L’homme transgenre aux transfigurations et aux mille talents (musique, peinture, cinéma, etc.) a pris le rock des années soixante pour l’emmener ailleurs, en écrabouillant l’ordre établi.
Histoire. Par où commencer? Ou, plus exactement, par où commencer en étant bien compris sur l’intention même d’une chronique consacrée à un chanteur mort iconisé de son vivant, celui d’une époque hors époques et au-delà des époques, en tant que genre à lui tout seul et héraut de ce paradis perdu qui s’appelle encore aujourd’hui l’après-68, planté vers la fin d’un siècle maudit? Par où commencer, oui, en reconnaissant toutefois que certains morts amènent dans leur sépulcre, par l’émotion de leur disparition, la brutalité d’une fin qui nous concerne directement, comme si une part de nous-mêmes pénétrait dans un crépuscule d’autant plus intime qu’il côtoie des névroses partagées? Même si les déferlements médiatiques hors normes charrient toujours un soupçon de doute: David Bowie est de ceux-là. Bien sûr, d’autres morts méritent toute notre sollicitude, parfois plus, d’ailleurs. Pierre Boulez, pour ne parler que de lui, aura probablement laissé à la musicologie une œuvre bien plus fondamentale et durable à l’éternel. Mais pour signifier dans leur exactitude des moments d’histoire et, osons l’expression, de basculement de l’histoire, il y a, du côté de la musique des cinquante dernières années, quelques personnages référencés grâce auxquels nos vies ont changé.
Mais pas de méprise, le bloc-noteur l’affirme aussi: au croisement du rock et de la pop, quand tous les possibles étaient en jeu et qu’une génération entière croyait en l’avènement d’un monde meilleur et dépoussiéré, une partie de cette jeunesse s’est souvent aventurée dans des croyances artificielles, au point de se faire plus de mal que de bien et, au bout du compte, de revenir de tout dans un état plus dépressif et nihiliste encore. Le rock manie lui aussi le meilleur et le pire. Entre renoncements revendiqués et cash machine assumée, Bob Dylan, Mick Jagger et Paul McCartney ne servent plus à grand-chose. Mais Patti Smith et quelques autres sont restés debout…
Monstre. Alors, pourquoi Bowie, à la longévité fragmentée en élégiaque phénix, peint et rhabillé à neuf à chaque nouvelle aventure discographique ou scénique, compte tant à nos esprits fatigués?
Parce que Major Tom (l’espace vierge jamais asservi) et Ziggy Stardust (messager alien) continuent de nous hanter par leurs chaos cosmogoniques, comme pour transformer le réel et nous aider à surseoir à nos propres entreprises de désincarcération souvent à l’œuvre. Nous n’expliquons rien du présent sans genèses. Une question mérite donc l’attention: à quoi sert un artiste?
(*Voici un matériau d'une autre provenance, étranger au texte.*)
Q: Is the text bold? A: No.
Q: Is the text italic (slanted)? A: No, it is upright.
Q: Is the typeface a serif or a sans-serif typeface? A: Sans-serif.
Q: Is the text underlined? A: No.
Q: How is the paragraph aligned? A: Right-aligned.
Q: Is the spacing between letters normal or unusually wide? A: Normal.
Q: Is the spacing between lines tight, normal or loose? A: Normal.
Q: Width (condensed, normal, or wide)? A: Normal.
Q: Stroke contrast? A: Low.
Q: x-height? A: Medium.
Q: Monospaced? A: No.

Nous parlons là des artistes qui comptent et imposent une empreinte puissante, révolutionnant leur genre. Bowie en révolutionnaire? C’est aller vite en besogne. Bowie en révolutionnaire atypique? Pourquoi pas. Mais Bowie comme icône du rock et de la pop, icône d’un art progressif et transgressif, un art pensé et réalisé pour déranger, bousculer le monde tel qu’il est… oui! Cent fois oui! L’homme transgenre aux transfigurations et aux mille talents (musique, peinture, cinéma, etc.) a pris le rock des années soixante pour l’emmener ailleurs, en des contrées inexplorées et inventives, en prenant risque sur risque, sans jamais se soucier ni des conventions ni des codes, libre et subversif, en écrabouillant l’ordre établi. Bowie a tout tenté, tout osé, comme une expression sublimée de la liberté des artistes: Space Oddity, Rock’n’Roll Suicide, Starman, The Man Who Sold The World, Ashes to Ashes, I’m Deranged, The Bewley Brothers, Station to Station, Heroes de la trilogie berlinoise, jusqu’au dernier bijou absolu, Blackstar, livré deux jours avant sa disparition… Impertinent, irrévérencieux, dépassant lui-même ses assignations futuristes, Bowie a repoussé les frontières de l’imaginaire – écrasé lui-même par une œuvre tentaculaire influencée par le surréalisme, la littérature, la philosophie, le kabuki ou la poésie, dont il revendiquait la rhapsodie inachevée. Lui se confessait en «sale monstre». Et nous, en «gentils montres», qui ne pouvons l’écouter encore et encore sans trembler. Par où finir –quand le mot «fin» se refuse à nous?